Project Requirements

AWS is required for this project to run as presented. Running on the cloud is not a free service. The authors of this repo are not responsible for any costs incurred by your usage of AWS services.

You must have administration level privileges to create these resources in AWS, or at least create/destroy privileges in the following areas: IAM, VPC. S3, ECR, ECS, Lambda

This project uses Pipenv as its environment manager. Documentation on pipenv is outside the scope of this repo.

Project Order

Most steps in this project are explicitly dependent on a prior step. Dependencies are noted and explained.

Install Terraform

Terraform installation: https://developer.hashicorp.com/terraform/tutorials/aws-get-started/install-cli

Set up .env file

A .env must be made in the project root directory.

Copy in the variables from env.example:

Mac: cp .env.example .env
Windows: stuff

Prefilled .env vars should be left alone.

Instructions for non-prefilled .env vars:

S3_SCRAPER_BUCKET= The S3 bucket where you will store your scraper data. This will be created.
TF_VAR_S3_SCRAPER_BUCKET= This is the SAME value as S3_SCRAPER_BUCKET. Yes, both are needed.
BGG_USERNAME= your BGG username
BGG_PASSWORD= your bgg password
OPENAI_API_KEY= your openapi key. You only need this if you intend to run the RAG modules. You'll need to load your OpenAPI account with some funds - $10 should suffice.
HUGGINGFACE_APIKEY= your openapi key. You only need this if you intend to run the RAG modules.
TF_VAR_GITHUB_USER_NAME= your github username

Make your AWS resources

EXPORT YOUR AWS KEYS. How you do this is outside of the scope of the repo.

CD to the terraform directory make terraform Follow all prompts exactly as written. When prompted to type yes, type yes :)

!!!!! YOU WILL HAVE ERRORS AT THE LAST STEP. THIS IS EXPECTED !!!!! Specifically: Error: creating Lambda Function (bgg_boardgame_file_retrieval) There's a bit of a cart-horse issue at this step.

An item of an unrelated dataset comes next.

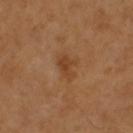biopsy status=no biopsy performed (imaged during a skin exam) | lighting=cross-polarized | image=15 mm crop, total-body photography | location=the head or neck | subject=male, aged around 50 | size=about 3.5 mm.

It's time to set up your GitHub CI/CD so that your project files write to the AWS ECR. The AWS resources cannot complete setup until the project has been uploaded.

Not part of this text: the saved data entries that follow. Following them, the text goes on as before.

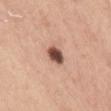This lesion was catalogued during total-body skin photography and was not selected for biopsy.
A female patient, approximately 30 years of age.
Longest diameter approximately 3 mm.
A close-up tile cropped from a whole-body skin photograph, about 15 mm across.
Automated image analysis of the tile measured a footprint of about 5 mm² and an outline eccentricity of about 0.75 (0 = round, 1 = elongated). The analysis additionally found a lesion–skin lightness drop of about 20 and a lesion-to-skin contrast of about 13 (normalized; higher = more distinct). The analysis additionally found an automated nevus-likeness rating near 100 out of 100 and a detector confidence of about 100 out of 100 that the crop contains a lesion.
On the chest.
Imaged with white-light lighting.
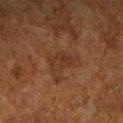workup — total-body-photography surveillance lesion; no biopsy
patient — male, roughly 60 years of age
lighting — cross-polarized illumination
lesion size — ~3.5 mm (longest diameter)
acquisition — 15 mm crop, total-body photography
body site — the arm
automated lesion analysis — a lesion color around L≈28 a*≈17 b*≈25 in CIELAB, a lesion–skin lightness drop of about 5, and a normalized border contrast of about 5.5; border irregularity of about 3 on a 0–10 scale and internal color variation of about 2.5 on a 0–10 scale
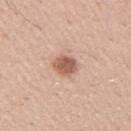  biopsy_status: not biopsied; imaged during a skin examination
  image:
    source: total-body photography crop
    field_of_view_mm: 15
  lighting: white-light
  patient:
    sex: male
    age_approx: 30
  site: right upper arm
  lesion_size:
    long_diameter_mm_approx: 3.0
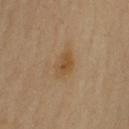follow-up — catalogued during a skin exam; not biopsied | body site — the left upper arm | acquisition — ~15 mm crop, total-body skin-cancer survey | subject — female, aged approximately 70 | tile lighting — cross-polarized.
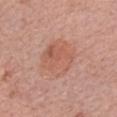{"biopsy_status": "not biopsied; imaged during a skin examination", "patient": {"sex": "female", "age_approx": 65}, "site": "right forearm", "image": {"source": "total-body photography crop", "field_of_view_mm": 15}}
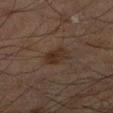{
  "biopsy_status": "not biopsied; imaged during a skin examination",
  "patient": {
    "sex": "male",
    "age_approx": 65
  },
  "site": "left lower leg",
  "image": {
    "source": "total-body photography crop",
    "field_of_view_mm": 15
  },
  "lighting": "cross-polarized",
  "lesion_size": {
    "long_diameter_mm_approx": 3.5
  }
}
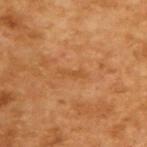Clinical impression:
Captured during whole-body skin photography for melanoma surveillance; the lesion was not biopsied.
Clinical summary:
Imaged with cross-polarized lighting. A 15 mm crop from a total-body photograph taken for skin-cancer surveillance. An algorithmic analysis of the crop reported an outline eccentricity of about 0.95 (0 = round, 1 = elongated) and two-axis asymmetry of about 0.3. The analysis additionally found a mean CIELAB color near L≈51 a*≈24 b*≈41, a lesion–skin lightness drop of about 6, and a normalized lesion–skin contrast near 4.5. The software also gave a nevus-likeness score of about 0/100. A male subject aged 63 to 67. The recorded lesion diameter is about 3 mm.

Set up GitHub Secrets for your project

Go to Github, to your repo. Create two Secrets in the Secrets area of your project fork before continuing. Hint: Go to Repo, Settings along top of repo, "Secrets and Variables" along left menu, "Actions".

AWS_REGION: Enter the AWS Region for your AWS resources, that you used when you set up the terraform. example us-west-2 AWS_GITHUB_ROLE: Enter the ARN of the GitHubActions_Push_Role which is this, replacing YOUR_ACCOUNT_ID with your integer AWS account number: arn:aws:iam::YOUR_ACCOUNT_ID:role/GitHubActions_Push_Role

Finish terraform resources

Push up the new changes to your repo (terraform files) to trigger the write to AWS.

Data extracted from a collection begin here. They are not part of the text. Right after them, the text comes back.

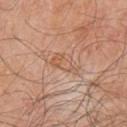Case summary:
- notes — catalogued during a skin exam; not biopsied
- image source — ~15 mm crop, total-body skin-cancer survey
- subject — male, about 80 years old
- anatomic site — the right upper arm
- automated metrics — an area of roughly 4.5 mm², an eccentricity of roughly 0.9, and a symmetry-axis asymmetry near 0.45; about 6 CIELAB-L* units darker than the surrounding skin and a normalized border contrast of about 5; a nevus-likeness score of about 0/100
- size — ~3.5 mm (longest diameter)
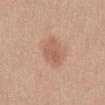Captured under white-light illumination. Approximately 3.5 mm at its widest. Located on the abdomen. A female patient, aged 28 to 32. Automated tile analysis of the lesion measured an outline eccentricity of about 0.75 (0 = round, 1 = elongated) and a shape-asymmetry score of about 0.35 (0 = symmetric). The analysis additionally found an automated nevus-likeness rating near 85 out of 100 and lesion-presence confidence of about 100/100. This image is a 15 mm lesion crop taken from a total-body photograph.
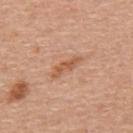This lesion was catalogued during total-body skin photography and was not selected for biopsy.
The lesion-visualizer software estimated an average lesion color of about L≈57 a*≈23 b*≈34 (CIELAB) and a lesion-to-skin contrast of about 6.5 (normalized; higher = more distinct). It also reported a border-irregularity rating of about 4/10.
Imaged with white-light lighting.
Located on the upper back.
A close-up tile cropped from a whole-body skin photograph, about 15 mm across.
A male subject, aged approximately 55.
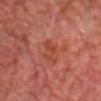Clinical impression:
The lesion was tiled from a total-body skin photograph and was not biopsied.
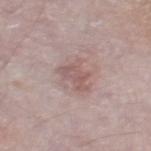The lesion is on the right thigh.
A male subject, approximately 75 years of age.
The tile uses white-light illumination.
A 15 mm crop from a total-body photograph taken for skin-cancer surveillance.
An algorithmic analysis of the crop reported a shape-asymmetry score of about 0.45 (0 = symmetric). The analysis additionally found border irregularity of about 5 on a 0–10 scale.
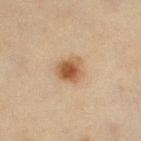<record>
  <biopsy_status>not biopsied; imaged during a skin examination</biopsy_status>
  <site>left lower leg</site>
  <lesion_size>
    <long_diameter_mm_approx>3.0</long_diameter_mm_approx>
  </lesion_size>
  <image>
    <source>total-body photography crop</source>
    <field_of_view_mm>15</field_of_view_mm>
  </image>
  <automated_metrics>
    <cielab_L>48</cielab_L>
    <cielab_a>18</cielab_a>
    <cielab_b>31</cielab_b>
    <vs_skin_darker_L>12.0</vs_skin_darker_L>
    <vs_skin_contrast_norm>9.0</vs_skin_contrast_norm>
    <border_irregularity_0_10>2.0</border_irregularity_0_10>
    <color_variation_0_10>5.0</color_variation_0_10>
    <peripheral_color_asymmetry>1.5</peripheral_color_asymmetry>
    <nevus_likeness_0_100>100</nevus_likeness_0_100>
  </automated_metrics>
  <lighting>cross-polarized</lighting>
  <patient>
    <sex>female</sex>
    <age_approx>45</age_approx>
  </patient>
</record>

Return to the terraform directory and run make setup_boardgamegeek

Running the Code Modules

Module Order

The module orders are also set out in the Orchestration, under dagster_orchestration.assets.assets.py.

Primary chain chain; Dagster job bgg_job

modules/bgg_boardgame_file_retrieval - Gets the boardgames_ranks.csv file from BGG and saves it to S3.
lambda_functions.generate_game_urls_lambda.py - Generates games urls for the games scraper.
modules/bgg_scraper/main.py with data_type="games" - scrape game info from the games urls.
modules/bgg_data_cleaner_game/main.py - Clean the scraped games data.
lambda_functions.generate_ratings_urls_lambda.py - Generate ratings urls for the ratings scraper.
modules/bgg_scraper/main.py with data_type="ratings" - Scrapes ratings info from the game data.
modules/ratings_daga_cleaner/main.py - Clean the scraped ratings data.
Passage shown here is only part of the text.